(Excerpts from a dataset)
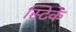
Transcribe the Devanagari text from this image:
स्टिकें
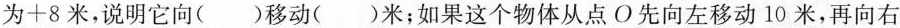
为+8米，说明它向( )移动( )米；如果这个物体从点O先向左移动10米，再向右
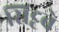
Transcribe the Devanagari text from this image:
सिट्टवे
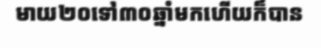
មាយ២០ទៅ៣០ឆ្នាំមកហើយក៏បាន
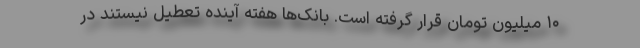
۱۰ میلیون تومان قرار گرفته است. بانک‌ها هفته آینده تعطیل نیستند در
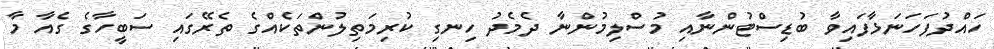
ހައްދުފަހަނަޅާފައިވާ ބުޑިސްޓުންނާއި މުސްލިމުންނާ ދެމެދު ހިނގި ކުރިމަތިލުންތަކެއްގެ ތެރޭގައި ސަބީހާގެ ގެއާ މާ
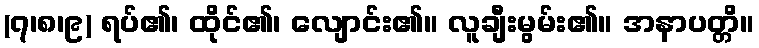
(၇၊၈၊၉) ရပ်၏၊ ထိုင်၏၊ လျောင်း၏။ လူချီးမွမ်း၏။ အနာပတ္တိ။
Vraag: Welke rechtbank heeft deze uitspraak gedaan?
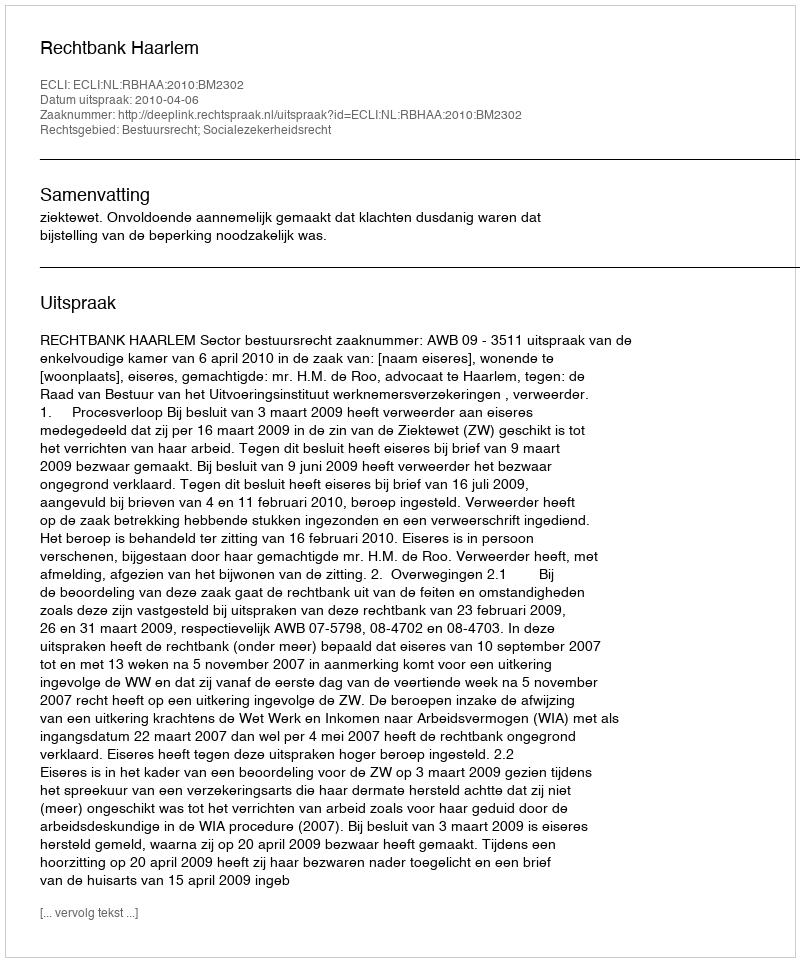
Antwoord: Rechtbank Haarlem
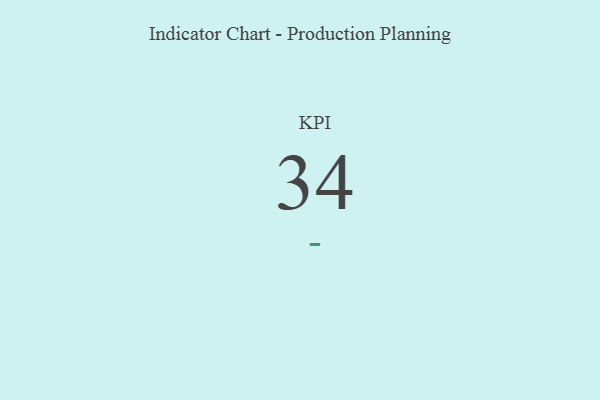
{"axis": {"x": "KPI", "y": "Value"}, "legend": [""], "data": [{"x": "KPI", "y": 34, "type": ""}]}
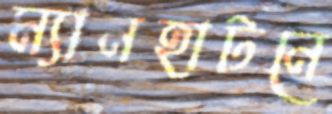
ম্যানহাটনে
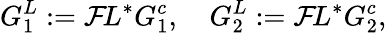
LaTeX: G_{1}^{L}:={\cal F}\! L^{*}G_{1}^{c},\quad G_{2}^{L}:={\cal F}\! L^{*}G_{2}^{c},
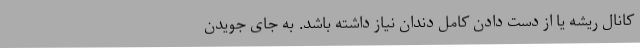
کانال ریشه یا از دست دادن کامل دندان نیاز داشته باشد. به جای جویدن
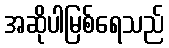
အဆိုပါမြစ်ရေသည်
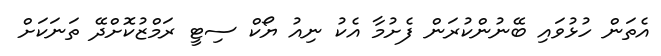
އެތަން ހުޅުވައި ބޭނުންކުރަން ފެށުމާ އެކު ނިއު ޔޯކް ސިޓީ ރަމްޒުކޮށްދޭ ތަނަކަށް
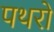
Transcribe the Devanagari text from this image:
पथरो
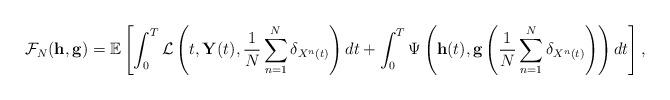
LaTeX: \begin{align*}\mathcal{F}_N(\mathbf{h},\mathbf{g})=\mathbb{E}\left[\int_0^T \mathcal{L}\left(t,\mathbf{Y}(t),\frac{1}{N}\sum_{n=1}^{N}\delta_{X^n(t)}\right)dt+\int_0^T \Psi\left(\mathbf{h}(t),\mathbf{g}\left(\frac{1}{N}\sum_{n=1}^{N}\delta_{X^n(t)}\right)\right)dt\right],\end{align*}
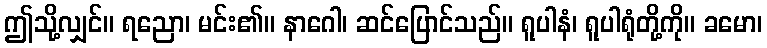
ဤသို့လျှင်။ ရညော၊ မင်း၏။ နာဂေါ၊ ဆင်ပြောင်သည်။ ရူပါနံ၊ ရူပါရုံတို့ကို။ ခမော၊
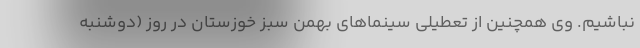
نباشیم. وی همچنین از تعطیلی سینماهای بهمن سبز خوزستان در روز (دوشنبه
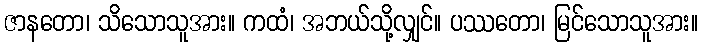
ဇာနတော၊ သိသောသူအား။ ကထံ၊ အဘယ်သို့လျှင်။ ပဿတော၊ မြင်သောသူအား။
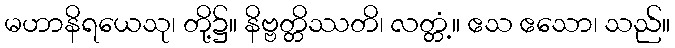
မဟာနိရယေသု၊ တို့၌။ နိဗ္ဗတ္တိဿတိ၊ လတ္တံ့။ ဧသ ဧသော၊ သည်။
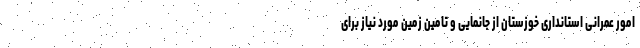
امور عمرانی استانداری خوزستان از جانمایی و تامین زمین مورد نیاز برای
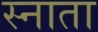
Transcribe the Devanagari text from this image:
स्नाता
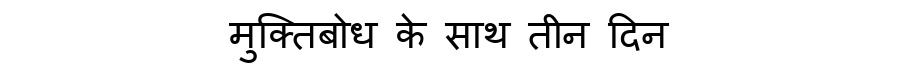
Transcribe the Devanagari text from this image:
मुक्तिबोध के साथ तीन दिन
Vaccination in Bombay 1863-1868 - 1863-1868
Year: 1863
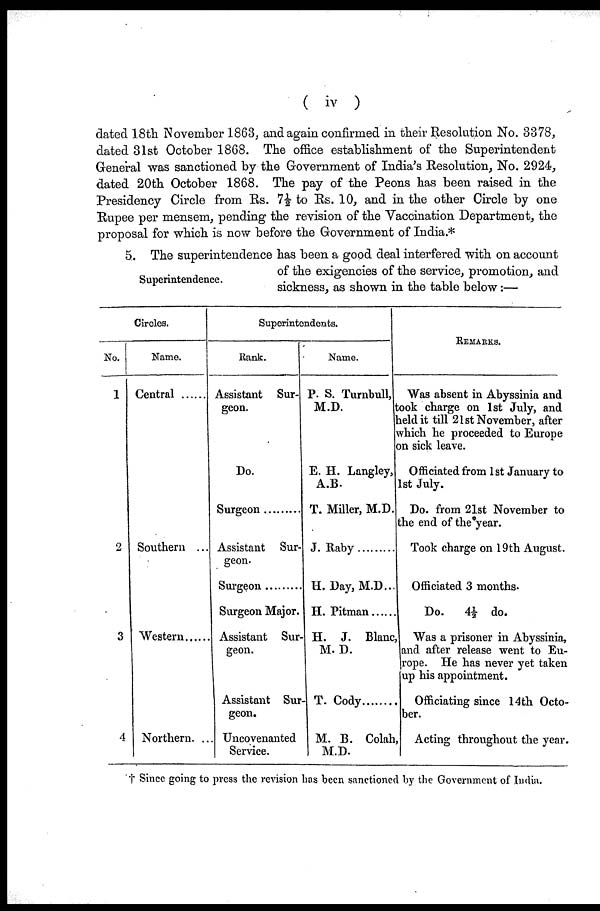
( iv )
dated 18th November 1863, and again confirmed in their Resolution No. 3378,
dated 31st October 1868. The office establishment of the Superintendent
General was sanctioned by the Government of India's Resolution, No. 2924,
dated 20th October 1868. The pay of the Peons has been raised in the
Presidency Circle from Rs. 7½ to Rs. 10, and in the other Circle by one
Rupee per mensem, pending the revision of the Vaccination Department, the
proposal for which is now before the Government of India.*
Superintendence.
5. The superintendence has been a good deal interfered with on account
of the exigencies of the service, promotion, and
sickness, as shown in the table below:—
Circles.
No.
1
2
3
4
Name.
Central .......
Southern ...
Western .......
Northern....
Superintendents.
Bank.
Assistant Sur-
geon.
Do.
Surgeon ............
Assistant Sur-
geon.
Surgeon ............
Surgeon Major.
Assistant Sur-
geon.
Assistant Sur-
geon.
Uncovenanted
Service.
Name.
P. S. Turnbull,
M.D.
E. H. Langley,
A.B.
T. Miller, M.D.
J. Raby
H. Day, M.D...
H. Pitman ......
H. J. Blanc,
M. D.
T. Cody ..........
M. B. Colah
M.D.
REMARKS.
Was absent in Abyssinia and
took charge on 1st July, and
held it till 21st November, after
which he proceeded to Europe
on sick leave.
Officiated from 1st January to
1st July.
Do. from 21st November to
the end of the year.
Took charge on 19th August.
Officiated 3 months.
Do.
4½ do.
Was a prisoner in Abyssinia,
and after release went to Eu-
rope. He has never yet taken
up his appointment.
Officiating since 14th Octo-
ber.
Acting throughout the year.
† Since going to press the revision has been sanctioned by the Government of India.

■ **WHAT THIS TASK INVOLVES**
All records above must be copied exactly, though the pictures they hold are to be left out.

■ **EXPECTED ANSWER**
Transcribe the Devanagari text from this image:
स्टिकें
为+8米，说明它向( )移动( )米；如果这个物体从点O先向左移动10米，再向右
Transcribe the Devanagari text from this image:
सिट्टवे
មាយ២០ទៅ៣០ឆ្នាំមកហើយក៏បាន
۱۰ میلیون تومان قرار گرفته است. بانک‌ها هفته آینده تعطیل نیستند در
ހައްދުފަހަނަޅާފައިވާ ބުޑިސްޓުންނާއި މުސްލިމުންނާ ދެމެދު ހިނގި ކުރިމަތިލުންތަކެއްގެ ތެރޭގައި ސަބީހާގެ ގެއާ މާ
(၇၊၈၊၉) ရပ်၏၊ ထိုင်၏၊ လျောင်း၏။ လူချီးမွမ်း၏။ အနာပတ္တိ။
Vraag: Welke rechtbank heeft deze uitspraak gedaan?
Antwoord: Rechtbank Haarlem
{"axis": {"x": "KPI", "y": "Value"}, "legend": [""], "data": [{"x": "KPI", "y": 34, "type": ""}]}
ম্যানহাটনে
LaTeX: G_{1}^{L}:={\cal F}\! L^{*}G_{1}^{c},\quad G_{2}^{L}:={\cal F}\! L^{*}G_{2}^{c},
کانال ریشه یا از دست دادن کامل دندان نیاز داشته باشد. به جای جویدن
အဆိုပါမြစ်ရေသည်
އެތަން ހުޅުވައި ބޭނުންކުރަން ފެށުމާ އެކު ނިއު ޔޯކް ސިޓީ ރަމްޒުކޮށްދޭ ތަނަކަށް
Transcribe the Devanagari text from this image:
पथरो
LaTeX: \begin{align*}\mathcal{F}_N(\mathbf{h},\mathbf{g})=\mathbb{E}\left[\int_0^T \mathcal{L}\left(t,\mathbf{Y}(t),\frac{1}{N}\sum_{n=1}^{N}\delta_{X^n(t)}\right)dt+\int_0^T \Psi\left(\mathbf{h}(t),\mathbf{g}\left(\frac{1}{N}\sum_{n=1}^{N}\delta_{X^n(t)}\right)\right)dt\right],\end{align*}
ဤသို့လျှင်။ ရညော၊ မင်း၏။ နာဂေါ၊ ဆင်ပြောင်သည်။ ရူပါနံ၊ ရူပါရုံတို့ကို။ ခမော၊
نباشیم. وی همچنین از تعطیلی سینماهای بهمن سبز خوزستان در روز (دوشنبه
ဇာနတော၊ သိသောသူအား။ ကထံ၊ အဘယ်သို့လျှင်။ ပဿတော၊ မြင်သောသူအား။
မဟာနိရယေသု၊ တို့၌။ နိဗ္ဗတ္တိဿတိ၊ လတ္တံ့။ ဧသ ဧသော၊ သည်။
امور عمرانی استانداری خوزستان از جانمایی و تامین زمین مورد نیاز برای
Transcribe the Devanagari text from this image:
स्नाता
Transcribe the Devanagari text from this image:
मुक्तिबोध के साथ तीन दिन
Vaccination in Bombay 1863-1868 - 1863-1868
Year: 1863
( iv )
dated 18th November 1863, and again confirmed in their Resolution No. 3378,
dated 31st October 1868. The office establishment of the Superintendent
General was sanctioned by the Government of India's Resolution, No. 2924,
dated 20th October 1868. The pay of the Peons has been raised in the
Presidency Circle from Rs. 7½ to Rs. 10, and in the other Circle by one
Rupee per mensem, pending the revision of the Vaccination Department, the
proposal for which is now before the Government of India.*
Superintendence.
5. The superintendence has been a good deal interfered with on account
of the exigencies of the service, promotion, and
sickness, as shown in the table below:—
Circles.
No.
1
2
3
4
Name.
Central .......
Southern ...
Western .......
Northern....
Superintendents.
Bank.
Assistant Sur-
geon.
Do.
Surgeon ............
Assistant Sur-
geon.
Surgeon ............
Surgeon Major.
Assistant Sur-
geon.
Assistant Sur-
geon.
Uncovenanted
Service.
Name.
P. S. Turnbull,
M.D.
E. H. Langley,
A.B.
T. Miller, M.D.
J. Raby
H. Day, M.D...
H. Pitman ......
H. J. Blanc,
M. D.
T. Cody ..........
M. B. Colah
M.D.
REMARKS.
Was absent in Abyssinia and
took charge on 1st July, and
held it till 21st November, after
which he proceeded to Europe
on sick leave.
Officiated from 1st January to
1st July.
Do. from 21st November to
the end of the year.
Took charge on 19th August.
Officiated 3 months.
Do.
4½ do.
Was a prisoner in Abyssinia,
and after release went to Eu-
rope. He has never yet taken
up his appointment.
Officiating since 14th Octo-
ber.
Acting throughout the year.
† Since going to press the revision has been sanctioned by the Government of India.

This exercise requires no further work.